Advertisement

A small exhibit shows the great creativity of disabled artists.

Share
Times Staff Writer

Vivid canvasses depicting sad-faced clowns and sharp-featured Indians, abstract shapes and pastoral settings, adorn smooth white walls.

There are sculptures too: a white marble centerpiece, a maiden painted brown and three ceramic pieces of humans in unusual positions.

The subjects are not unheard of; the brush strokes are not revolutionary; the setting is not grand.

Advertisement

But this small art exhibit in the Santa Fe Springs Library is unique for another reason: the artists themselves.

The creations belong to the Artability Artists, a small, dedicated group of professional and amateur sculptors and painters who have disabilities ranging from blindness to paralysis.

Their exhibit is the first group display in the Southeast area, but they hope not their last. Any visibility for these artists is welcome.

Just ask Robert Thome, a Montebello resident who suffered a broken spinal cord and has been painting with a mouth brush for eight years.

When he first started painting, he had a hard time selling his art.

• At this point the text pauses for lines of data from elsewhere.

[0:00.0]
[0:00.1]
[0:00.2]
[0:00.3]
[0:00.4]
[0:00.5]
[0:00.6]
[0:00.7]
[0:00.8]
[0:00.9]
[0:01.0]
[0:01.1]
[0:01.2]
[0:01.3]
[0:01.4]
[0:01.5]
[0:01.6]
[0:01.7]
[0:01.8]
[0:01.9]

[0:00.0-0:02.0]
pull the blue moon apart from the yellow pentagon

“Once in a while people would buy them for $10,” said Thome, who began his career by doing shows in shopping malls and functions for the disabled. He soon graduated to mainstream conventions and art festivals.

“Anywhere we can show, we’ll show,” said Thome, who now fetches up to $600 for his paintings.

Advertisement

Thome--who has received widespread publicity and recently became a member of the prestigious International Foot and Mouth Painters Assn.--said he joined the group for the camaraderie and encouragement and at the same time gave his career a boost.

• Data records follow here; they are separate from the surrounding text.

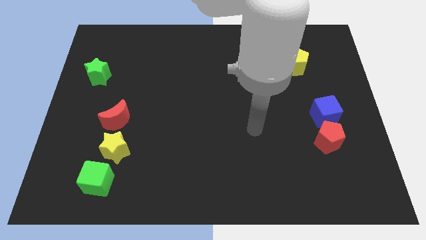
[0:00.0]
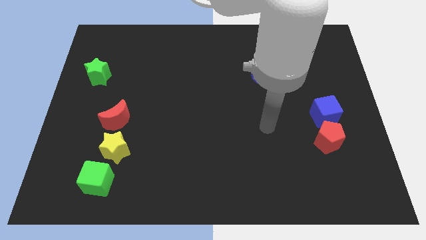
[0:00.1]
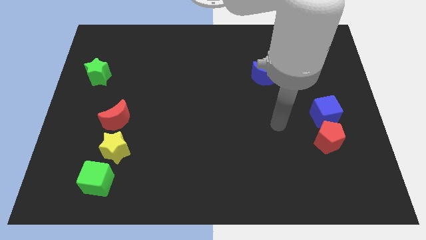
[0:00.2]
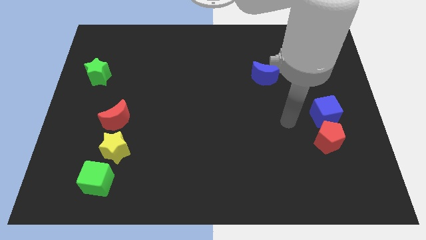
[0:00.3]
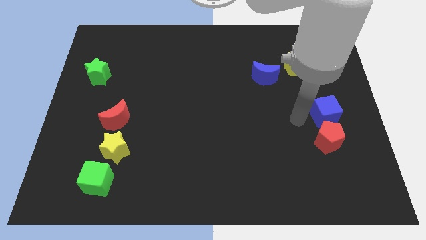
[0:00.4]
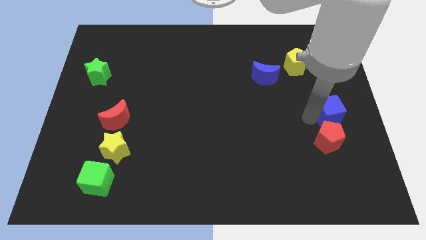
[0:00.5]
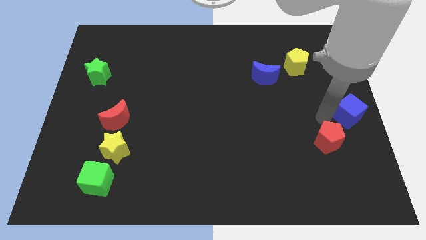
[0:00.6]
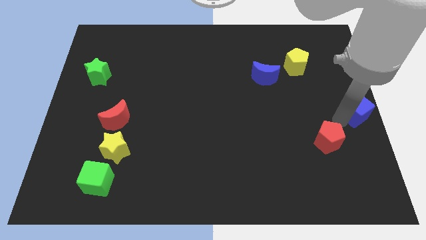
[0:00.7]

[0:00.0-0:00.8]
separate the red pentagon from the blue cube

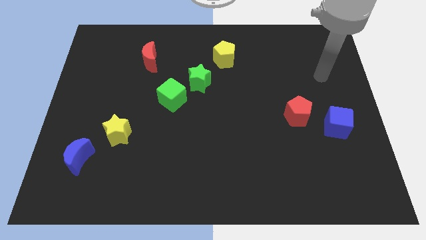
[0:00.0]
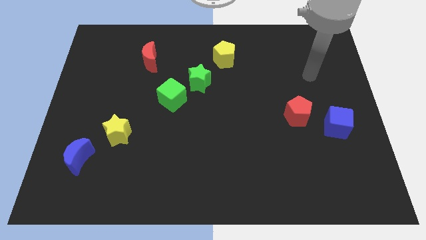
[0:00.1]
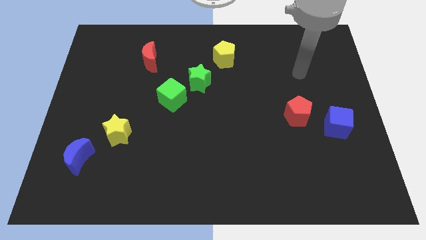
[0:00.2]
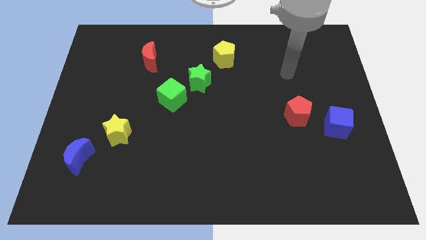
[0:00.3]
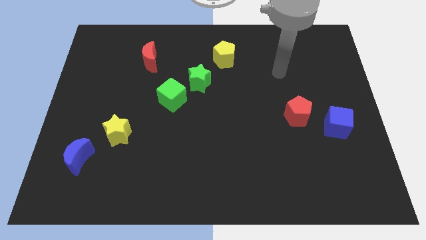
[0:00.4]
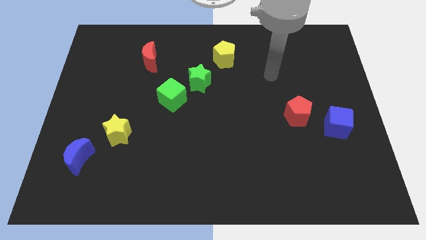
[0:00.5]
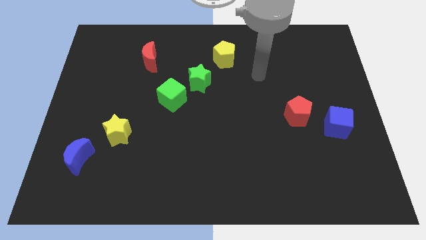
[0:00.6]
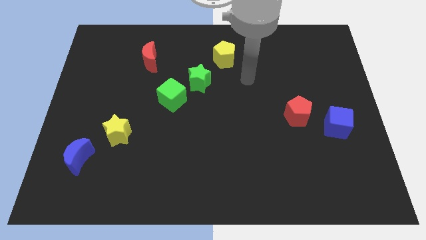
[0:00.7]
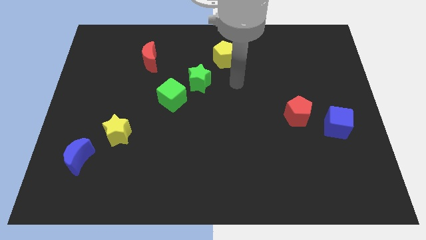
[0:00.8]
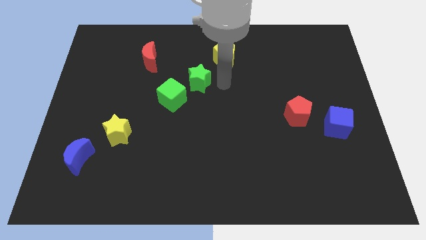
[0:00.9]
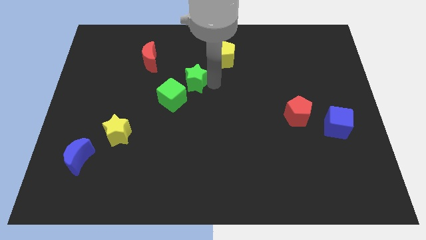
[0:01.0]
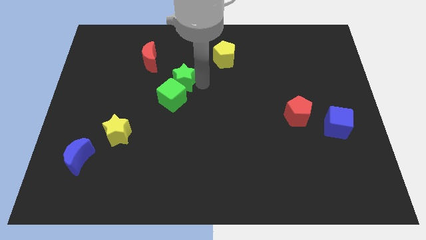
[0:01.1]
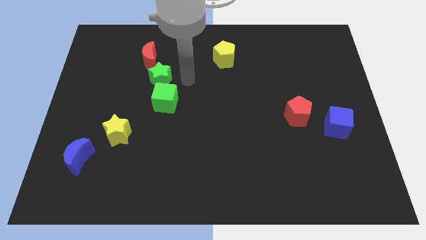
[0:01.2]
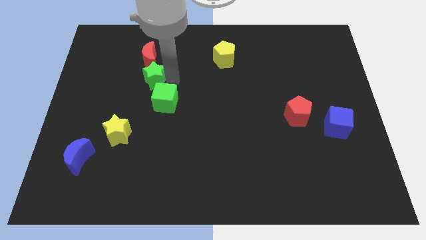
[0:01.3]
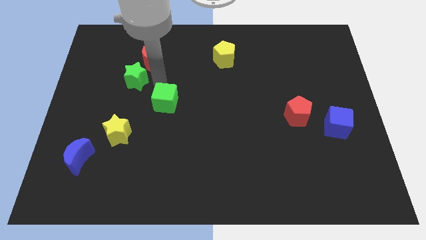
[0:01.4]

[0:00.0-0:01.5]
pull the green cube apart from the green star

The Artability Artists began five years ago when a Daniel Freeman Memorial Hospital administrator pitched the idea to her boss. The hospital agreed to sponsor the nonprofit group and provide them with support such as clerical help, expenses for printing costs and a meeting room for their monthly meetings, said Susan Keirn, a rehabilitation coordinator at the Inglewood-based hospital. The group also receives physical help from able-bodied people such as Kathy Thome, Robert’s wife, who helps coordinate activities such as setting up exhibits.

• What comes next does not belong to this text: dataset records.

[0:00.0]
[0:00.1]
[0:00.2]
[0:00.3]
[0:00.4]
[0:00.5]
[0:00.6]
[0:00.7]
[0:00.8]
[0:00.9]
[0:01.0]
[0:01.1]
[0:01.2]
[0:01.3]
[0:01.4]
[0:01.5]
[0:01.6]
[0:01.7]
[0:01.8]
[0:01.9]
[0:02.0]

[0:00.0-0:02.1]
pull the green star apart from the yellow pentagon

The group’s popularity has grown and members now regularly exhibit at the National Rehabilitation Assn. convention and the Very Special Arts Festival in Los Angeles. More recently, the artists displayed works and held demonstrations at the Orange County Fair.

“Even though we’re disabled, we’re still able,” said Jean Cook, a 53-year-old quadriplegic who lives in Long Beach. The group is important for the artists, she said, for “giving moral support and trading ideas.”

She said the exposure the artists receive when doing shows is important because most “work on a shoestring.” If one of their paintings or sculptures is sold, 10% of the purchase price goes back to the group to help buy materials and pay transportation costs to exhibits.

“We try encouraging one another,” Cook said. “Otherwise we would be an island in the ocean all by ourselves.”

Advertisement

One of the most striking pieces is a sculpture titled “Handicapped” by Jose Miguel, who is blind. The gold ceramic figure is a centaur holding a mermaid, with both bodies melded into one. Miguel also is exhibiting two other works that depict the human body. “We Are One” is a body sitting in lotus position that is half man and half woman; “Head Over Heels,” a humorous figure, depicts a human head plunked on the top of two feet.

The group was invited to show at the library after Thome did his second one-man show there in June. Thome was a football player at Pioneer High School in 1969 when he suffered an injury that left him paralyzed from the neck down. After going through 10 years of depression, he met Kathy and began work on his childhood dream of becoming an artist.

Many of the 14 artists--from as far away as Tulare and Lake Elsinore--have similar experiences. Said Abdelsayed, a Tustin resident who paints in oils, was a premed student when he was paralyzed from the waist down in a car accident. Beverly Brody, who paints oil portraits from her home in Canoga Park, was stricken by polio when she was a teen-ager. Westminster resident Keith Fires, who creates graphics with the use of math and computers, contracted muscular dystrophy when he was 1 year old.

But all emphatically state that what they do is more important than how they do it.

“We want to concentrate on our abilities rather than our disabilities,” Thome said.

Cook added that even though the group has made a name for itself, many of the artists also receive individual attention.

“We try to help one another,” she said. “We’ve become friends. That helps.”

The exhibit can be seen in the large meeting room during Santa Fe Springs Library hours: 10 a.m. to 9 p.m. Monday through Thursday, 10 a.m. to 6 p.m. Friday, and 10 a.m. to 5 p.m. Saturday. The library is at 11710 Telegraph Road.